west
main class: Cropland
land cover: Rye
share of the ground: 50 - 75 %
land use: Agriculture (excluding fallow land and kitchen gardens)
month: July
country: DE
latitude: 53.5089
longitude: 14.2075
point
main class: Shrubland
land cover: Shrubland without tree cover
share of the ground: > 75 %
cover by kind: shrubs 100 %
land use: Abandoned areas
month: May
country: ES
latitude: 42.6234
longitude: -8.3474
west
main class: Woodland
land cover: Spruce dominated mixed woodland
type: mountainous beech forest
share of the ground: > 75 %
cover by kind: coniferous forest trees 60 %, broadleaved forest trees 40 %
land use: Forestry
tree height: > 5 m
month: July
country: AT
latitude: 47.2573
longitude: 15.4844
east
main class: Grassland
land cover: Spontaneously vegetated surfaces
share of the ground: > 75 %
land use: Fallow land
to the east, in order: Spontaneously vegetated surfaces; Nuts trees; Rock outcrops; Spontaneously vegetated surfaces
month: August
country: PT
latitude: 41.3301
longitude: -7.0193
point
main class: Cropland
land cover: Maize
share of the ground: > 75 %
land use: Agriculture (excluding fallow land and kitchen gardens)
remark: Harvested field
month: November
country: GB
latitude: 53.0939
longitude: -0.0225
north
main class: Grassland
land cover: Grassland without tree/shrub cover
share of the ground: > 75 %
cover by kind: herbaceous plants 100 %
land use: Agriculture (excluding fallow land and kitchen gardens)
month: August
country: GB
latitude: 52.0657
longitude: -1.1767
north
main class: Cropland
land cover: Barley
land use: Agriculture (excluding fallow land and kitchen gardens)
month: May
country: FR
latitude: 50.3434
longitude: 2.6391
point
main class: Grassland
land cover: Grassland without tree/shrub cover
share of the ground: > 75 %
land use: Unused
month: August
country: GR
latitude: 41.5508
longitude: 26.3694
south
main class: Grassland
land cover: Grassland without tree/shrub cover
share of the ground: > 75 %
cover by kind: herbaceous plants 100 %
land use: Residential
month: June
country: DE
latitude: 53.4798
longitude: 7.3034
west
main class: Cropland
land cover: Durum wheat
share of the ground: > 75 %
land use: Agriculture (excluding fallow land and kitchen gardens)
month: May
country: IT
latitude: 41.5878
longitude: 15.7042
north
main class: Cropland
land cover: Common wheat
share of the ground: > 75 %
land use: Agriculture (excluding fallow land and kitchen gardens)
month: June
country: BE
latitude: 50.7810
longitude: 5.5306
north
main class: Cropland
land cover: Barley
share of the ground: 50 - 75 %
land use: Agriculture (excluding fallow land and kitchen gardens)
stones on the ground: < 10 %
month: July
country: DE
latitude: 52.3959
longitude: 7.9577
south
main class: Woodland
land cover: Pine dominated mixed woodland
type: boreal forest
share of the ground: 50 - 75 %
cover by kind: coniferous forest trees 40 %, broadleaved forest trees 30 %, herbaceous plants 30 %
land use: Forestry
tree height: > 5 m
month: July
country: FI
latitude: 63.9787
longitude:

# Required action
Please write the listing out again, matching each line exactly.

# Completed task
west
main class: Cropland
land cover: Rye
share of the ground: 50 - 75 %
land use: Agriculture (excluding fallow land and kitchen gardens)
month: July
country: DE
latitude: 53.5089
longitude: 14.2075
point
main class: Shrubland
land cover: Shrubland without tree cover
share of the ground: > 75 %
cover by kind: shrubs 100 %
land use: Abandoned areas
month: May
country: ES
latitude: 42.6234
longitude: -8.3474
west
main class: Woodland
land cover: Spruce dominated mixed woodland
type: mountainous beech forest
share of the ground: > 75 %
cover by kind: coniferous forest trees 60 %, broadleaved forest trees 40 %
land use: Forestry
tree height: > 5 m
month: July
country: AT
latitude: 47.2573
longitude: 15.4844
east
main class: Grassland
land cover: Spontaneously vegetated surfaces
share of the ground: > 75 %
land use: Fallow land
to the east, in order: Spontaneously vegetated surfaces; Nuts trees; Rock outcrops; Spontaneously vegetated surfaces
month: August
country: PT
latitude: 41.3301
longitude: -7.0193
point
main class: Cropland
land cover: Maize
share of the ground: > 75 %
land use: Agriculture (excluding fallow land and kitchen gardens)
remark: Harvested field
month: November
country: GB
latitude: 53.0939
longitude: -0.0225
north
main class: Grassland
land cover: Grassland without tree/shrub cover
share of the ground: > 75 %
cover by kind: herbaceous plants 100 %
land use: Agriculture (excluding fallow land and kitchen gardens)
month: August
country: GB
latitude: 52.0657
longitude: -1.1767
north
main class: Cropland
land cover: Barley
land use: Agriculture (excluding fallow land and kitchen gardens)
month: May
country: FR
latitude: 50.3434
longitude: 2.6391
point
main class: Grassland
land cover: Grassland without tree/shrub cover
share of the ground: > 75 %
land use: Unused
month: August
country: GR
latitude: 41.5508
longitude: 26.3694
south
main class: Grassland
land cover: Grassland without tree/shrub cover
share of the ground: > 75 %
cover by kind: herbaceous plants 100 %
land use: Residential
month: June
country: DE
latitude: 53.4798
longitude: 7.3034
west
main class: Cropland
land cover: Durum wheat
share of the ground: > 75 %
land use: Agriculture (excluding fallow land and kitchen gardens)
month: May
country: IT
latitude: 41.5878
longitude: 15.7042
north
main class: Cropland
land cover: Common wheat
share of the ground: > 75 %
land use: Agriculture (excluding fallow land and kitchen gardens)
month: June
country: BE
latitude: 50.7810
longitude: 5.5306
north
main class: Cropland
land cover: Barley
share of the ground: 50 - 75 %
land use: Agriculture (excluding fallow land and kitchen gardens)
stones on the ground: < 10 %
month: July
country: DE
latitude: 52.3959
longitude: 7.9577
south
main class: Woodland
land cover: Pine dominated mixed woodland
type: boreal forest
share of the ground: 50 - 75 %
cover by kind: coniferous forest trees 40 %, broadleaved forest trees 30 %, herbaceous plants 30 %
land use: Forestry
tree height: > 5 m
month: July
country: FI
latitude: 63.9787
longitude:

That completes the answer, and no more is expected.